Unfortunately paint has increased massively in cost over the last few years, particularly lacquer/clearcoat, and that adds to an already expensive job if you want it done right. Nothing worse than fresh paint being thrown over a multitude of sins such as chips and dings. Proper prep (strip down, sorting any issues, cleaning, masking etc) is a time consuming job if you want it done well and for no corners to be cut. Of course some places offer great work for not silly money, and if you're looking for a car with less inherent 'book' value than something like a sought after classic then you need to balance cost with what it's worth to both you and also a future owner should you sell it. You may have no intention to sell, in which case the total cost _might_ be less of an issue but from what you said that isn't the case. I'd rather have a mostly genuine paint job that's been sorted where needs be for £1-2k than a full job that's been done on the cheap for £2k which will never look right, or won't last.


----------



## Mac- (Apr 9, 2019)

Primer, paint and lacquer will cost ~£500 to do a decent job. Add on prep time etc. and you'll soon see where the money goes. For an E46 cabrio I'd be expecting £3500-4500 for a quality job.


----------



## mighty chipster (Apr 13, 2010)

Thanks all for your kind replies.

Looks like I will have to just keep it as is.

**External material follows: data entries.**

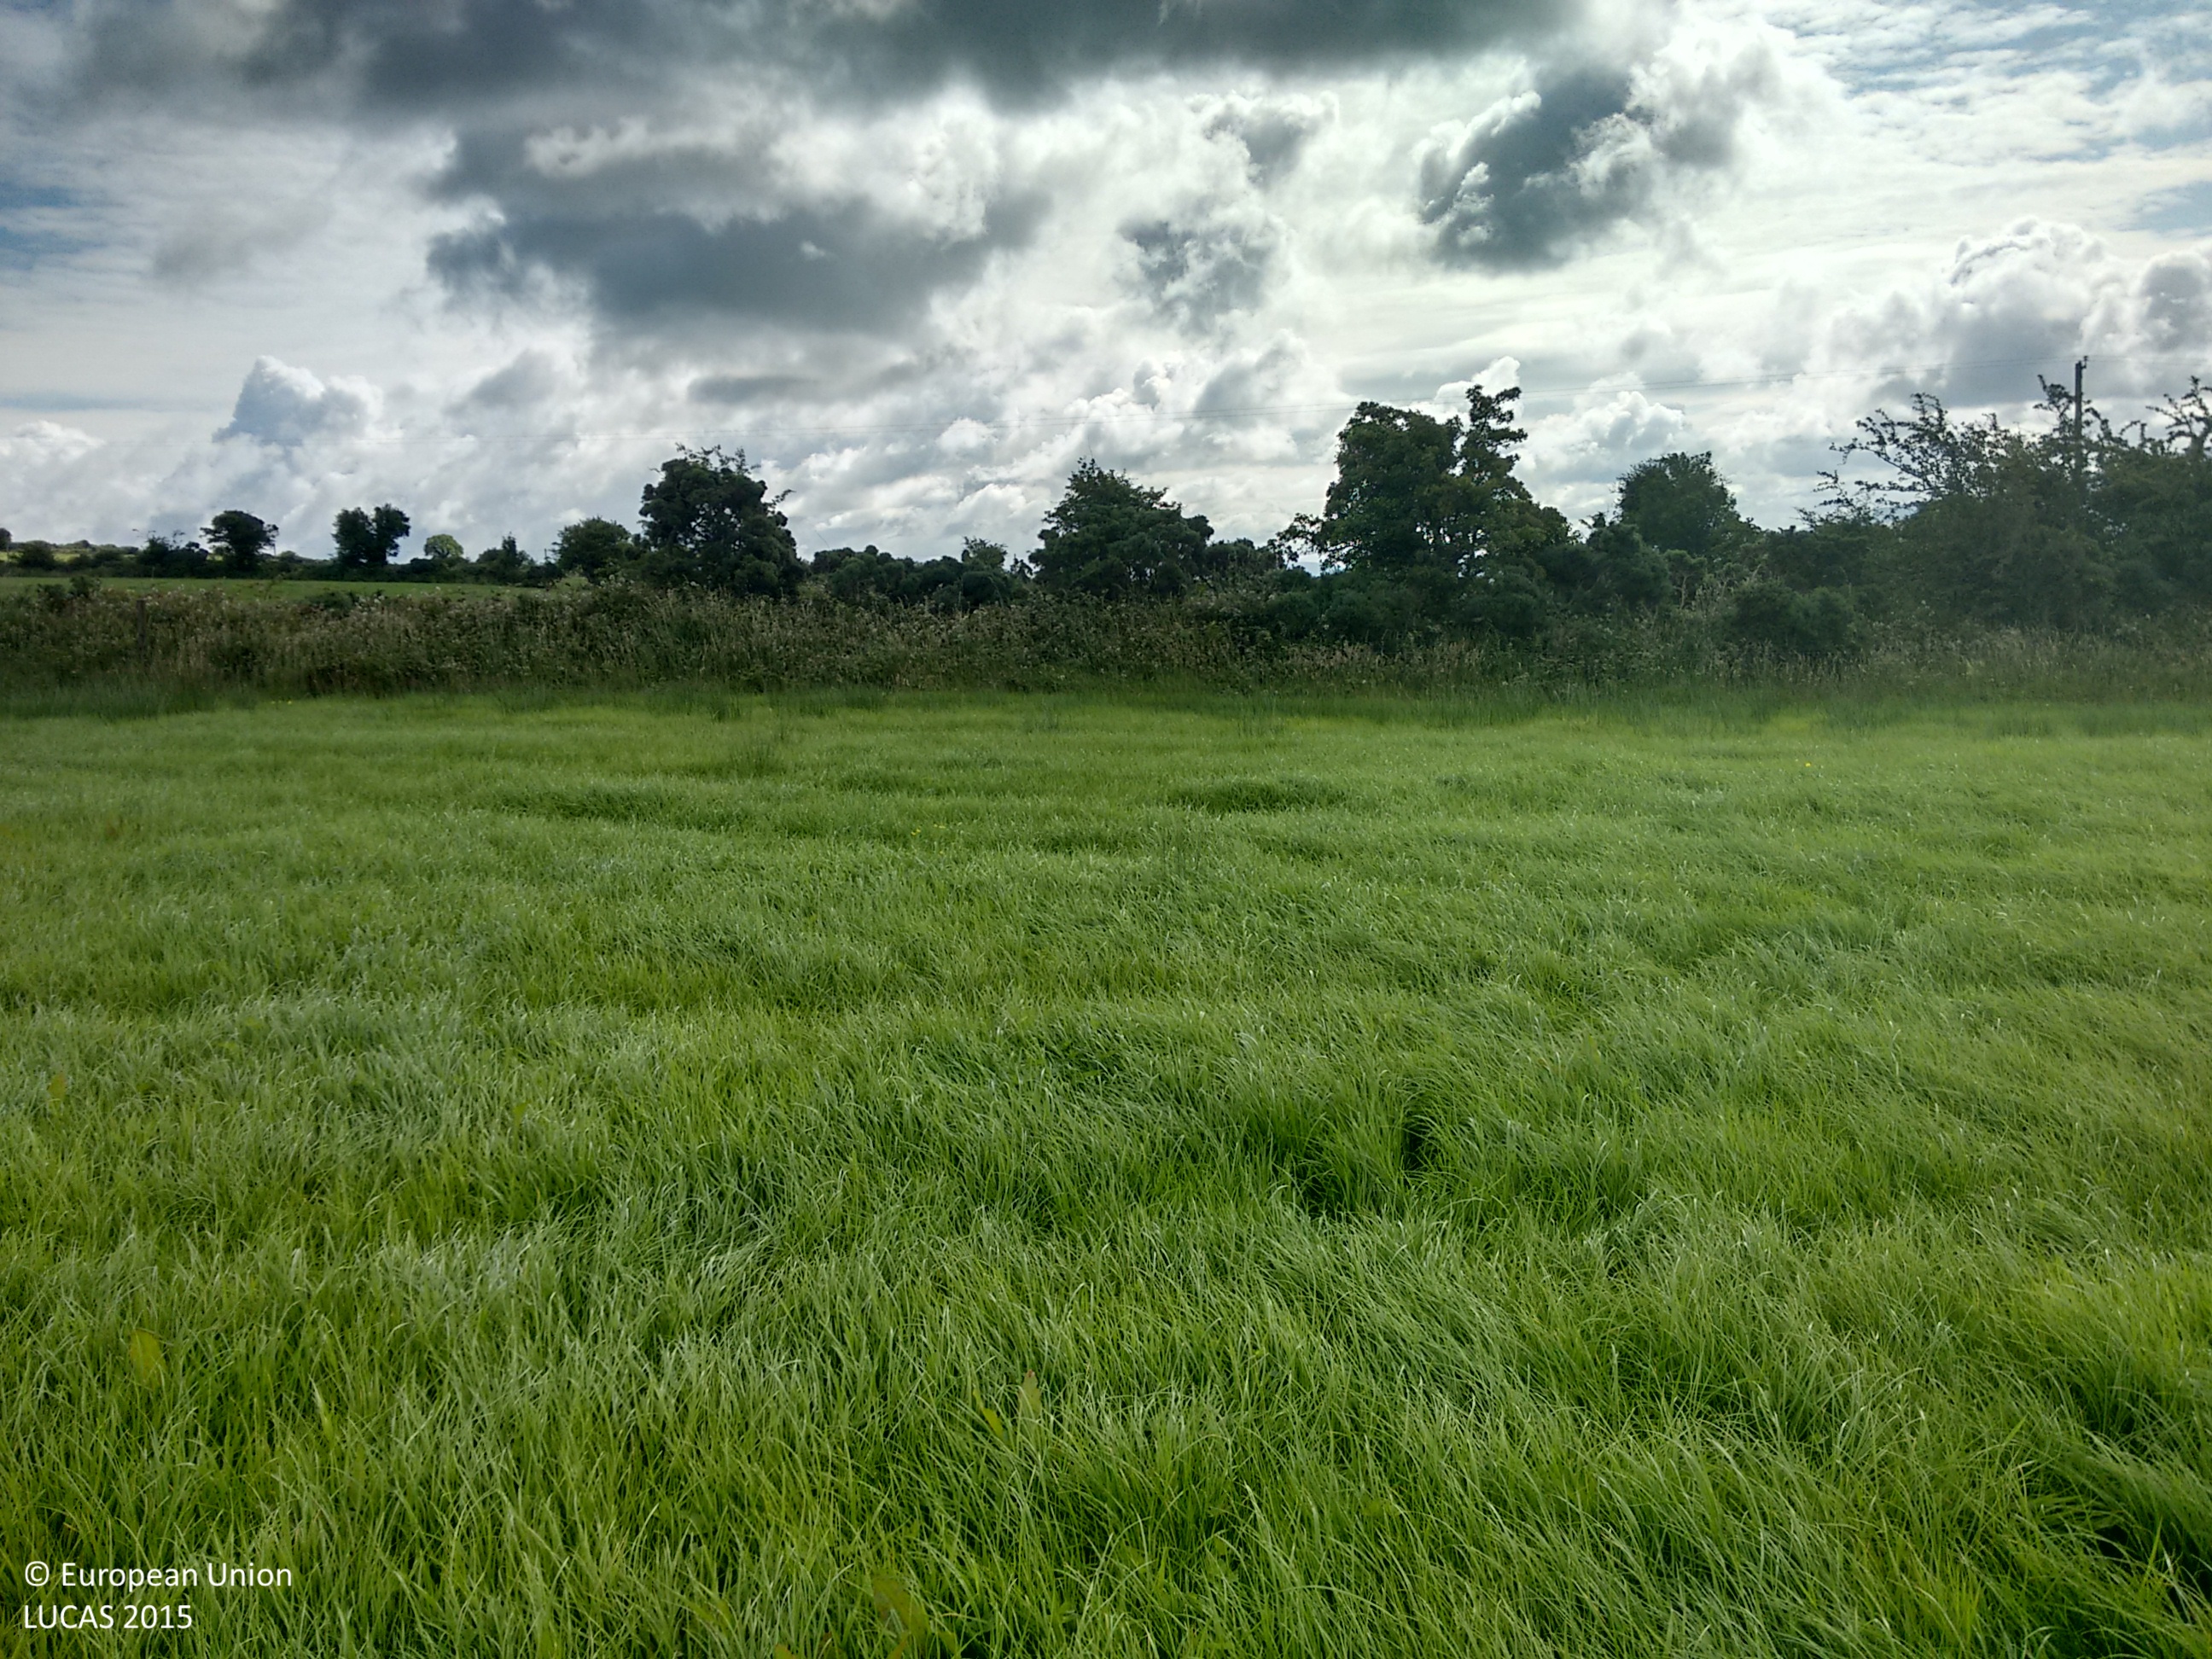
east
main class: Grassland
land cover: Grassland without tree/shrub cover
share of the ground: > 75 %
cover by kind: herbaceous plants 100 %
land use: Agriculture (excluding fallow land and kitchen gardens)
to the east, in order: Grassland without tree/shrub cover; Fences; Abandoned hedges; Grassland without tree/shrub cover; Electric lines; Grassland without tree/shrub cover; Abandoned hedges; Fences; Grassland without tree/shrub cover
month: July
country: IE
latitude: 52.8106
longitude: -8.3625
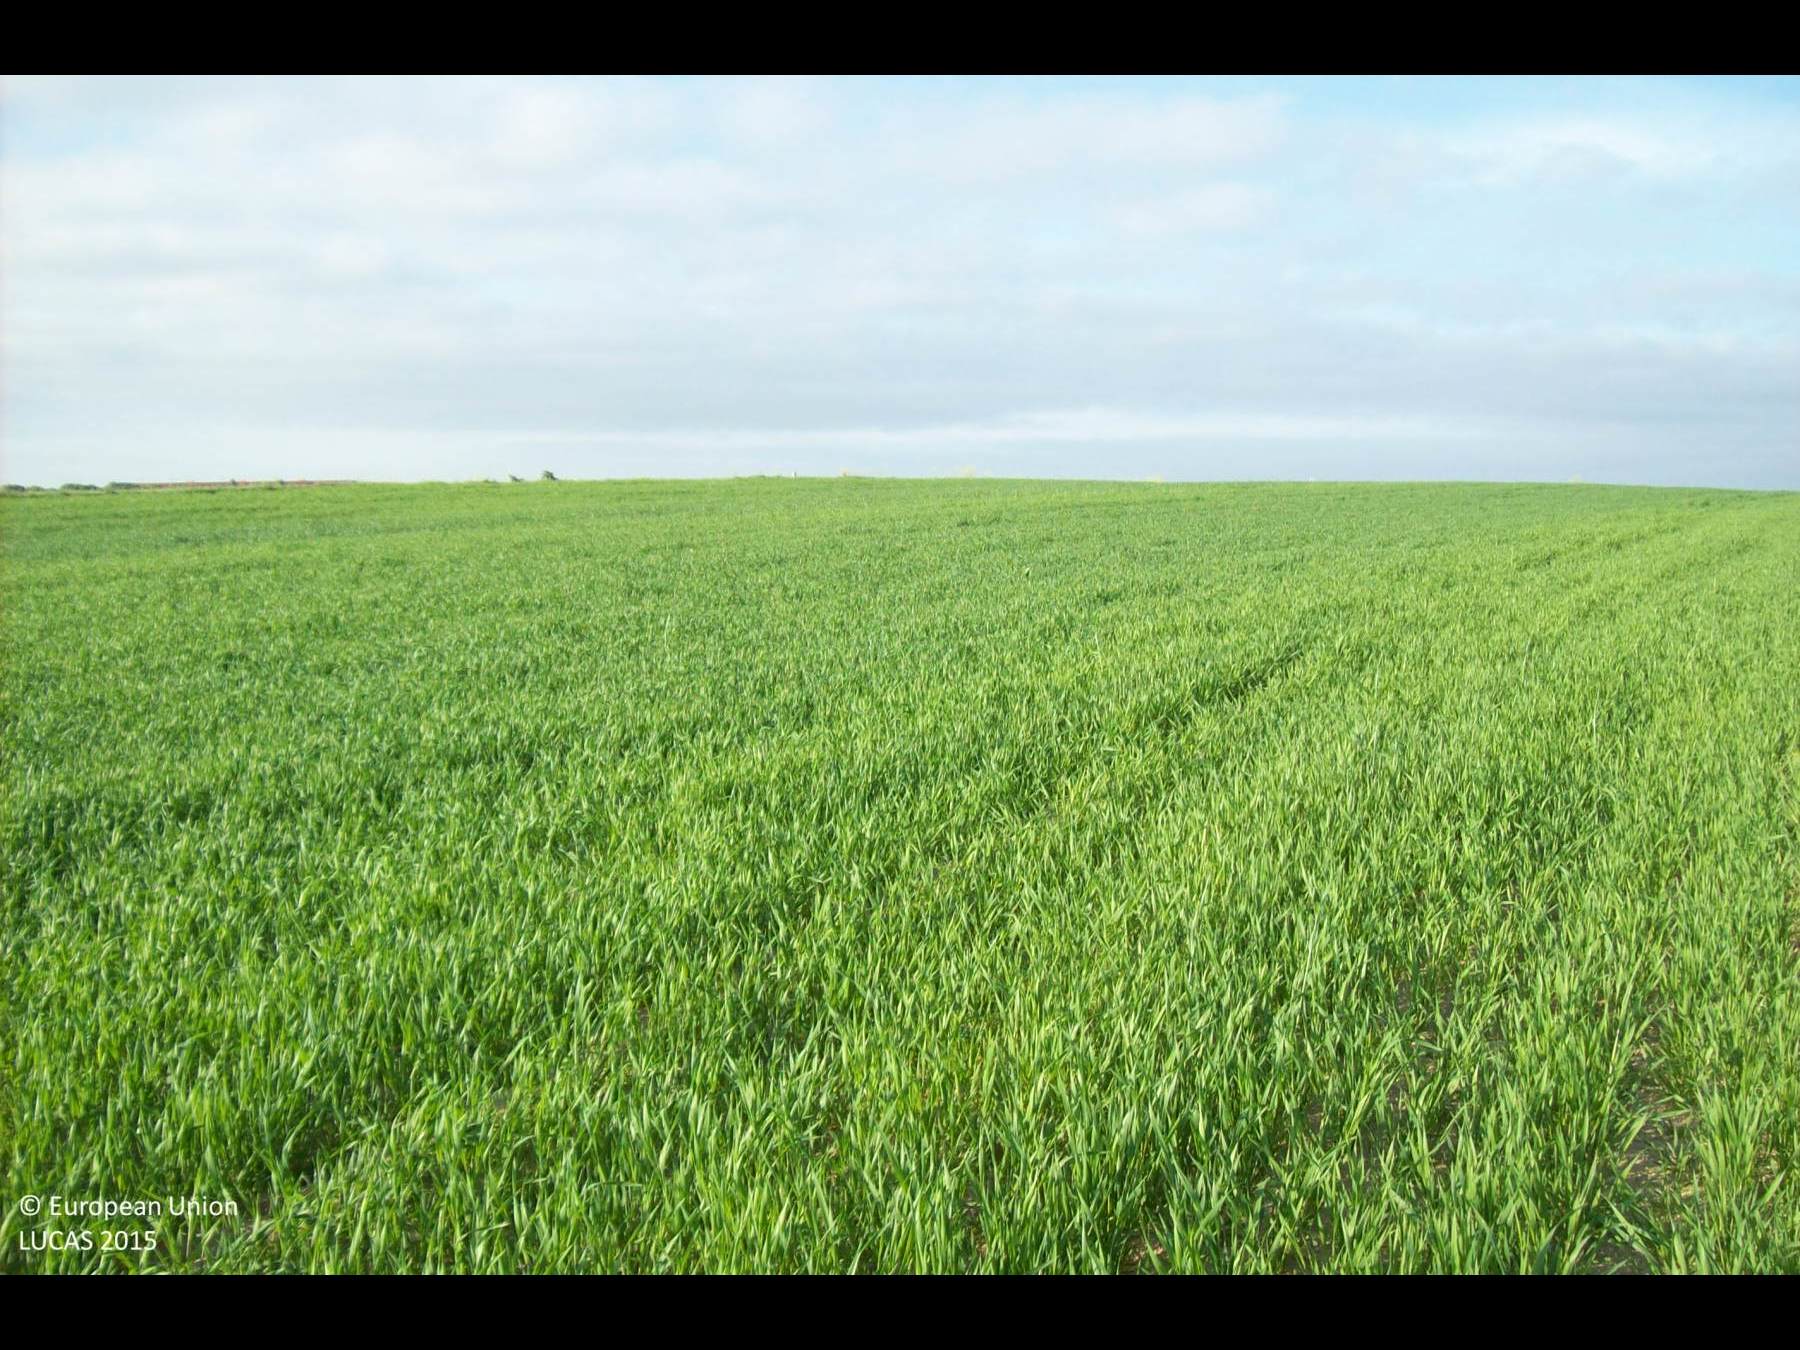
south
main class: Cropland
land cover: Barley
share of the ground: > 75 %
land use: Agriculture (excluding fallow land and kitchen gardens)
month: April
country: ES
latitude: 40.3186
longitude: -3.8899

BTW: Reason for respray, previous owner looks like tried to respray car himself as many panels aren't quite the same colour and there are numerous clearcoat runs.

But, as long as you don't look to close it's not a problem.


----------



## Ennoch (Jan 31, 2006)

I think the main one is to keep the mechanicals in tip top condition and then maybe just put some cash aside for the time when you can afford a bad ass paint job. If you're planning to keep it for many years yet then my view is that you shouldn't lose sight of your desire for a respray, but just save up the extra and do it in the future when you can get a badass job done that justifies all the mechanical work you've done.

Maybe as an interim you could flat back some of the clear coat runs? If it's had previous work then you definitely want to be ensuring the prep on the new job is spot on, which probably means going back through previous repairs to 'good' underneath. I saw one of your other posts with some pictures; it's a good looking car and like so many cars of that era, there are far fewer than there were and many of those that are still around aren't in great shape.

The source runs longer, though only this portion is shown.